Problem details: Set down the entries again word for word, without any of the images.

Information supplied:

[Start of Attachment]

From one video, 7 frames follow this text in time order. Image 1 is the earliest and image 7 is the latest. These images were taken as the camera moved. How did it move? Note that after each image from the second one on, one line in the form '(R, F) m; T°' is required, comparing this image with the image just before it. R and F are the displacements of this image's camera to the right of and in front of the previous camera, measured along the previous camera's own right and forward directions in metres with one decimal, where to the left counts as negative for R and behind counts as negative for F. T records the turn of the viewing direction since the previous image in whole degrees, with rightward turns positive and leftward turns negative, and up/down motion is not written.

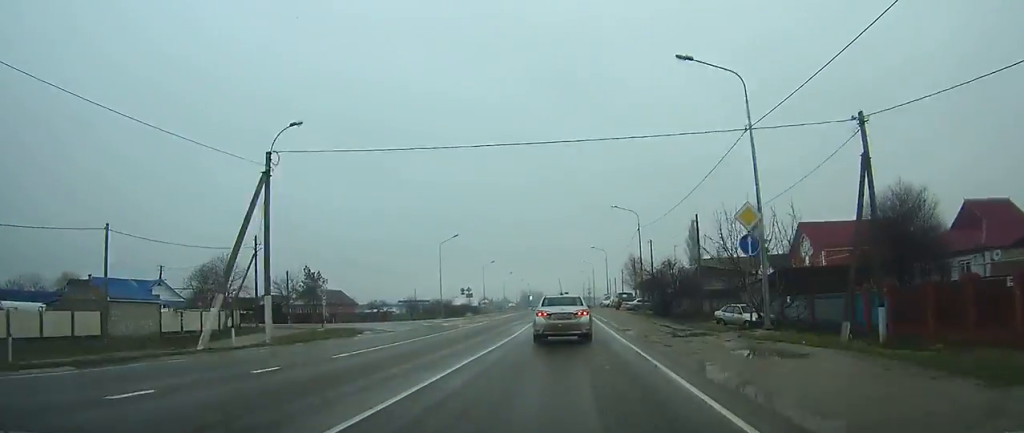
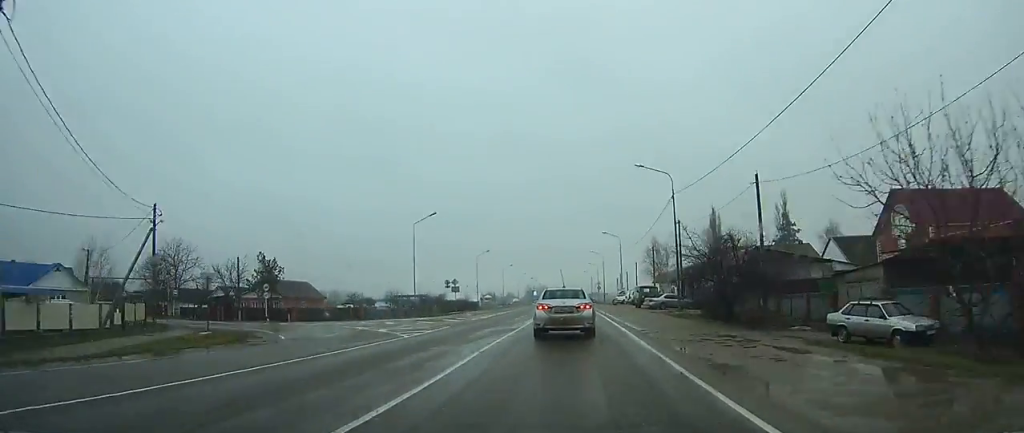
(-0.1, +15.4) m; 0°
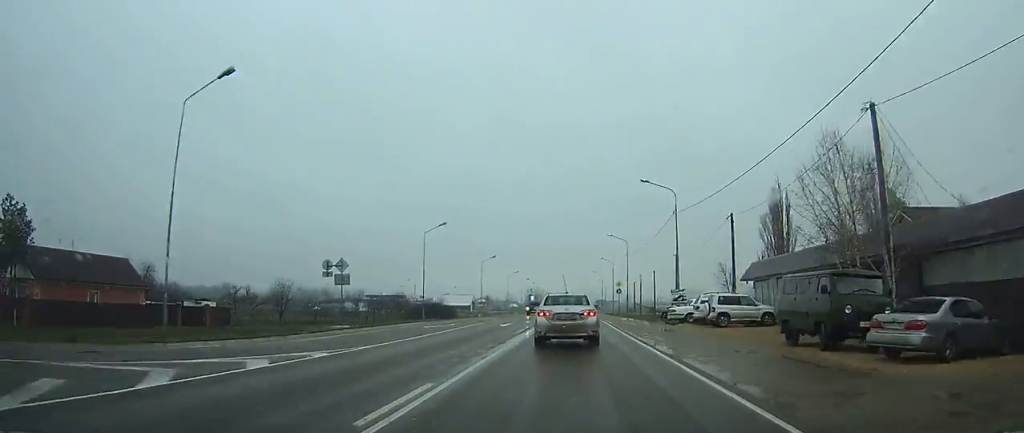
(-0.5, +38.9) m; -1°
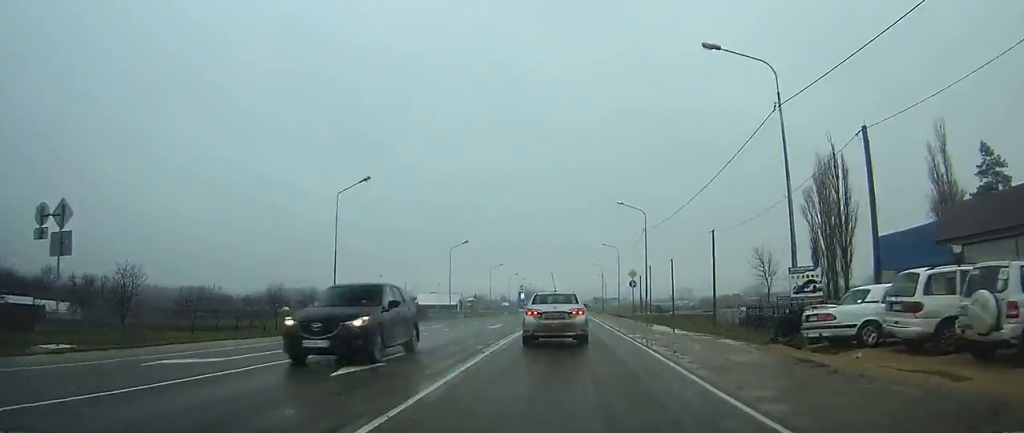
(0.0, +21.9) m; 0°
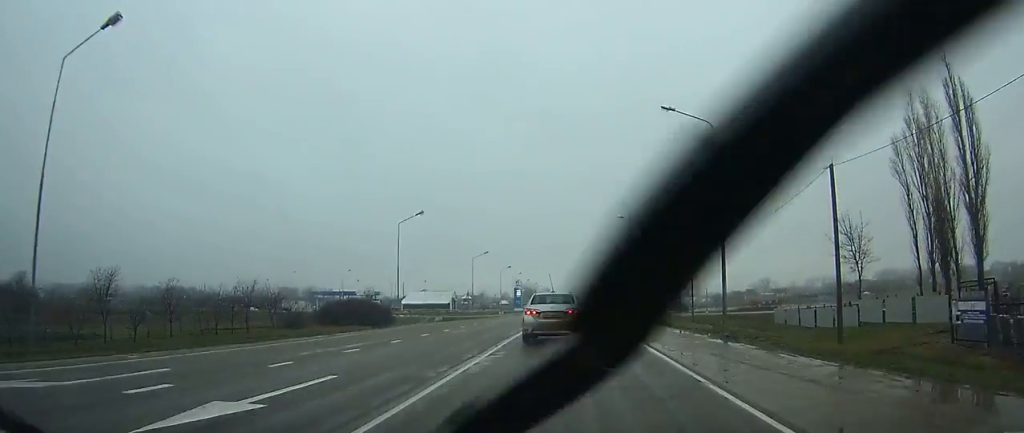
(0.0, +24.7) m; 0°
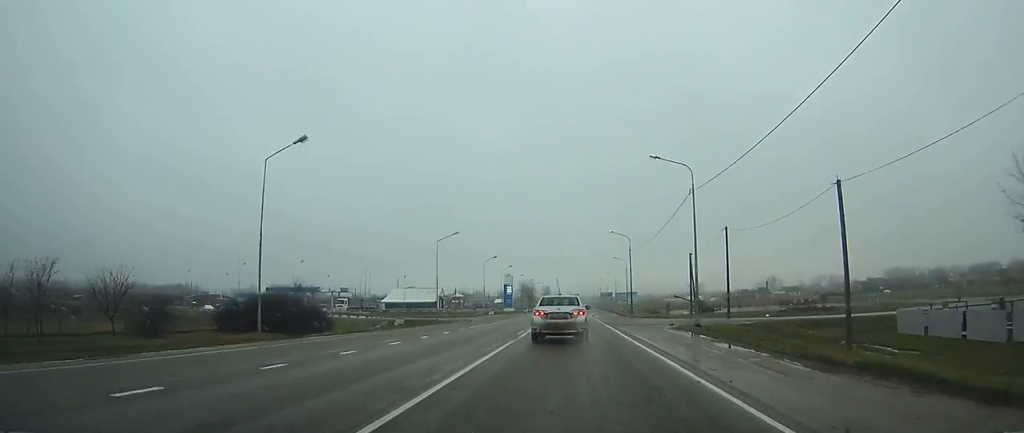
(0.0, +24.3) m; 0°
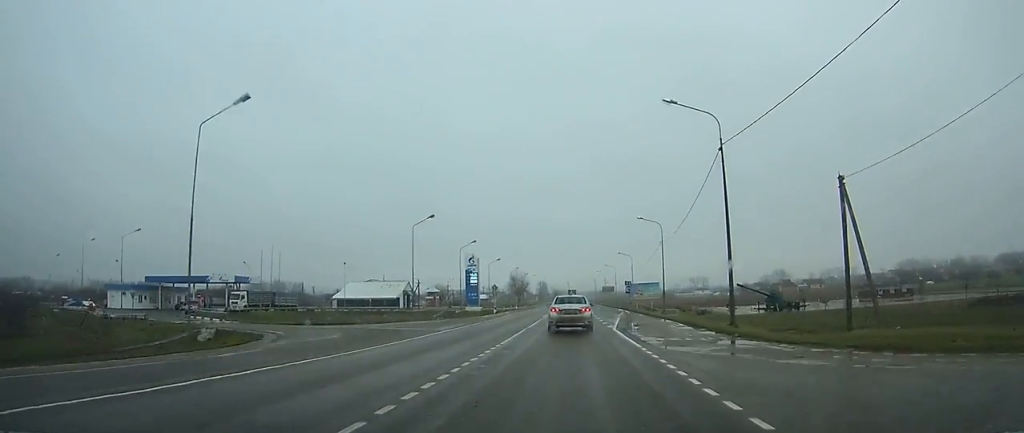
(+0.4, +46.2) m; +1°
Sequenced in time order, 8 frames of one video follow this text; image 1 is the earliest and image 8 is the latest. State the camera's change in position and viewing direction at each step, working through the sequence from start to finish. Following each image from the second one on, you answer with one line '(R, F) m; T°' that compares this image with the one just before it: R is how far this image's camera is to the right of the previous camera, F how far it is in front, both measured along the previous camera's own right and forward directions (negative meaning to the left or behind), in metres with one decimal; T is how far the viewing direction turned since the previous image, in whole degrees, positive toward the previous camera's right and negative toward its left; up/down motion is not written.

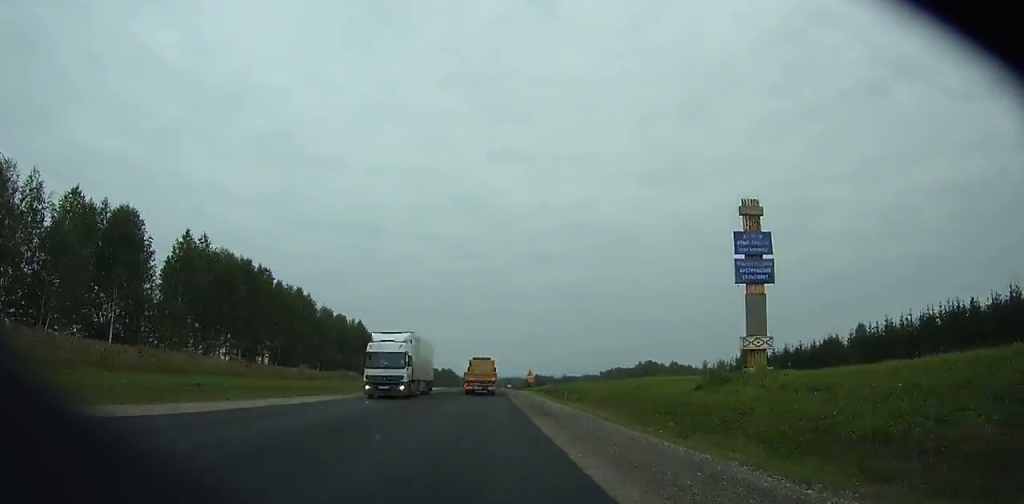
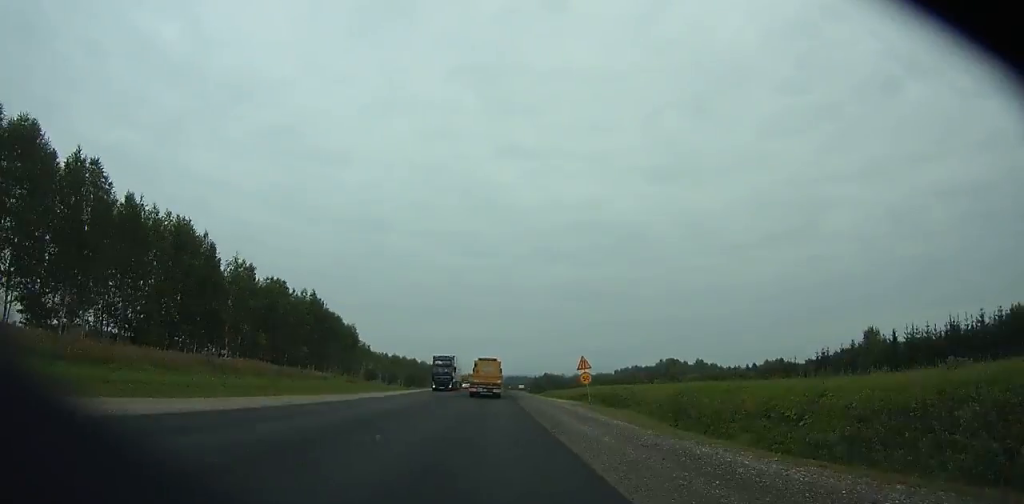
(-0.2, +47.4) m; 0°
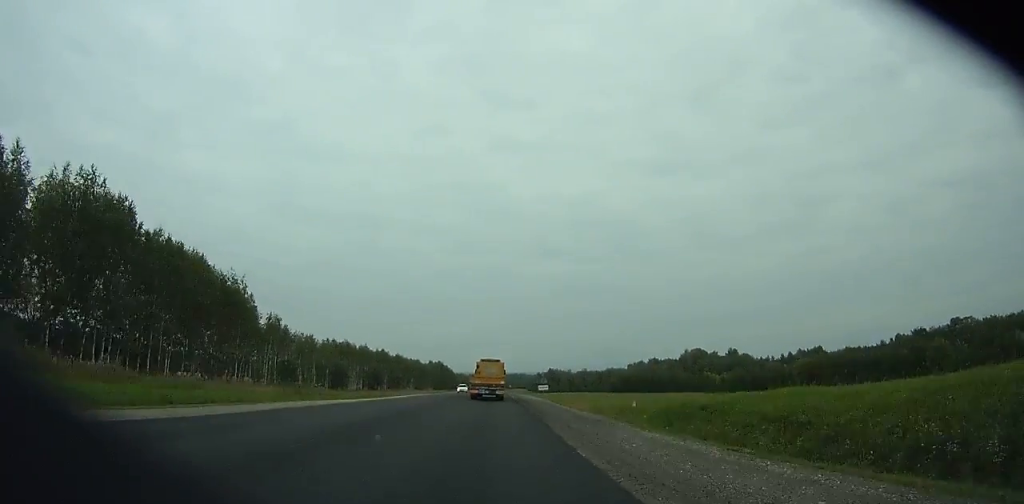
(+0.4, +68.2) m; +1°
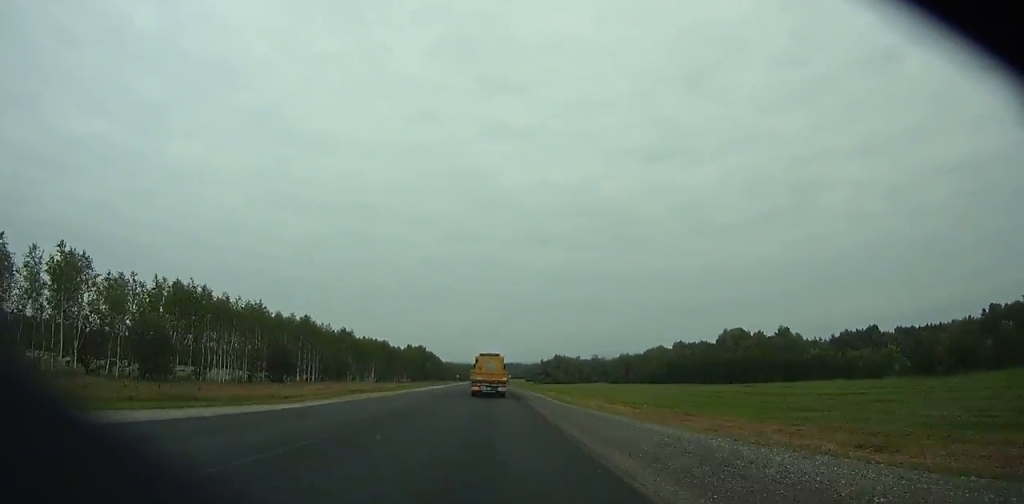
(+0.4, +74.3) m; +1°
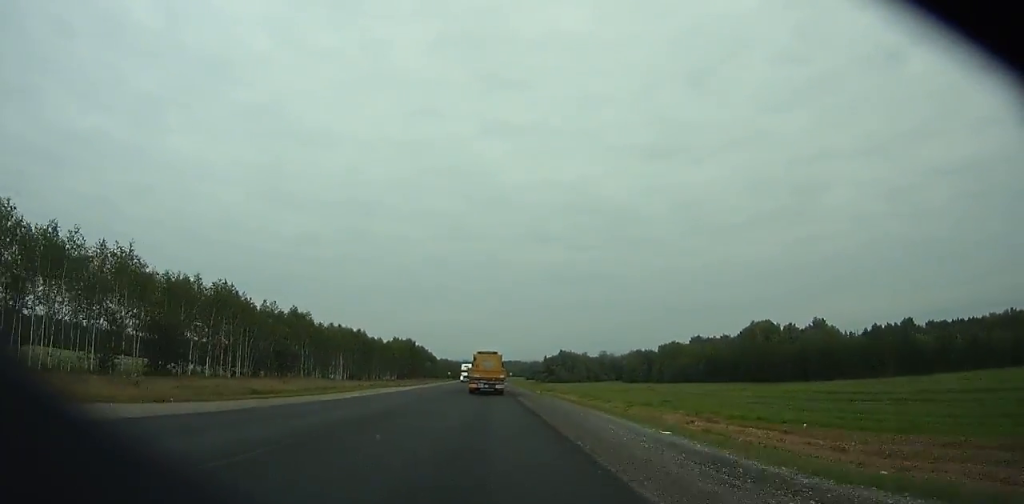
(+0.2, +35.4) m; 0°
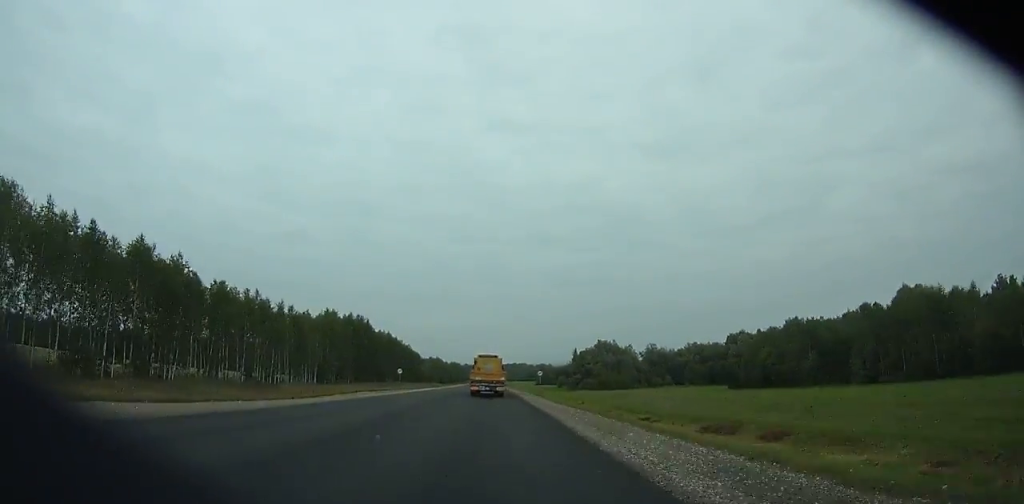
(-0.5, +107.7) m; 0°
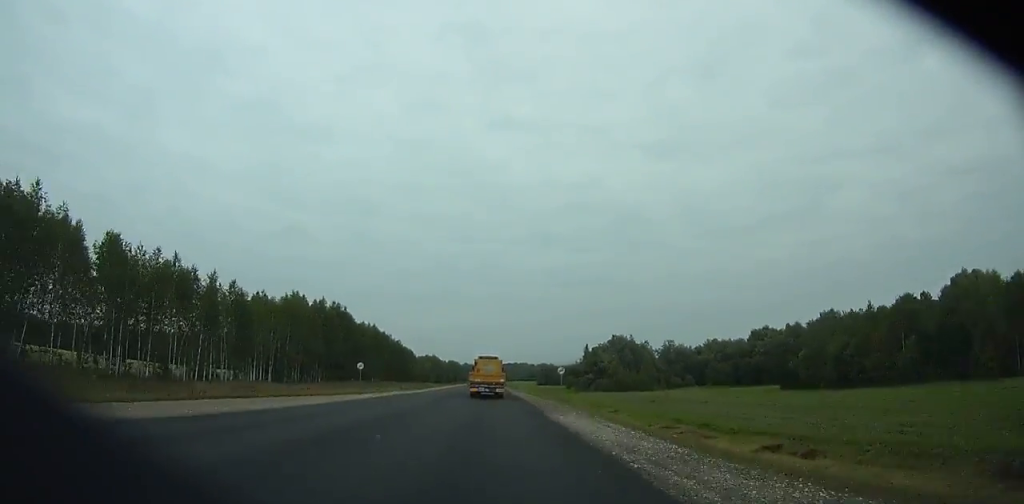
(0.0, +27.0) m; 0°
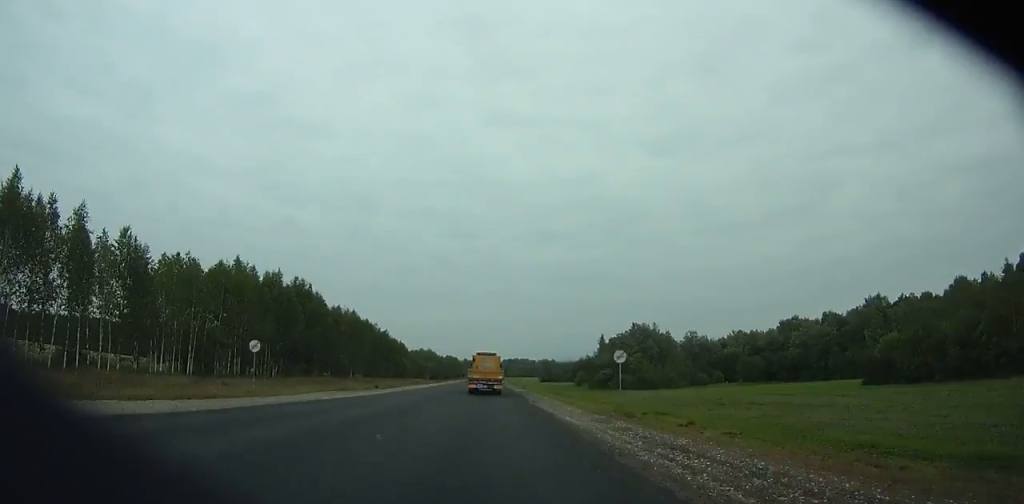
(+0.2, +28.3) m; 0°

[End of Attachment]

Output below:
From one video, 7 frames follow this text in time order. Image 1 is the earliest and image 7 is the latest. These images were taken as the camera moved. How did it move? Note that after each image from the second one on, one line in the form '(R, F) m; T°' is required, comparing this image with the image just before it. R and F are the displacements of this image's camera to the right of and in front of the previous camera, measured along the previous camera's own right and forward directions in metres with one decimal, where to the left counts as negative for R and behind counts as negative for F. T records the turn of the viewing direction since the previous image in whole degrees, with rightward turns positive and leftward turns negative, and up/down motion is not written.

(-0.1, +15.4) m; 0°
(-0.5, +38.9) m; -1°
(0.0, +21.9) m; 0°
(0.0, +24.7) m; 0°
(0.0, +24.3) m; 0°
(+0.4, +46.2) m; +1°
Sequenced in time order, 8 frames of one video follow this text; image 1 is the earliest and image 8 is the latest. State the camera's change in position and viewing direction at each step, working through the sequence from start to finish. Following each image from the second one on, you answer with one line '(R, F) m; T°' that compares this image with the one just before it: R is how far this image's camera is to the right of the previous camera, F how far it is in front, both measured along the previous camera's own right and forward directions (negative meaning to the left or behind), in metres with one decimal; T is how far the viewing direction turned since the previous image, in whole degrees, positive toward the previous camera's right and negative toward its left; up/down motion is not written.

(-0.2, +47.4) m; 0°
(+0.4, +68.2) m; +1°
(+0.4, +74.3) m; +1°
(+0.2, +35.4) m; 0°
(-0.5, +107.7) m; 0°
(0.0, +27.0) m; 0°
(+0.2, +28.3) m; 0°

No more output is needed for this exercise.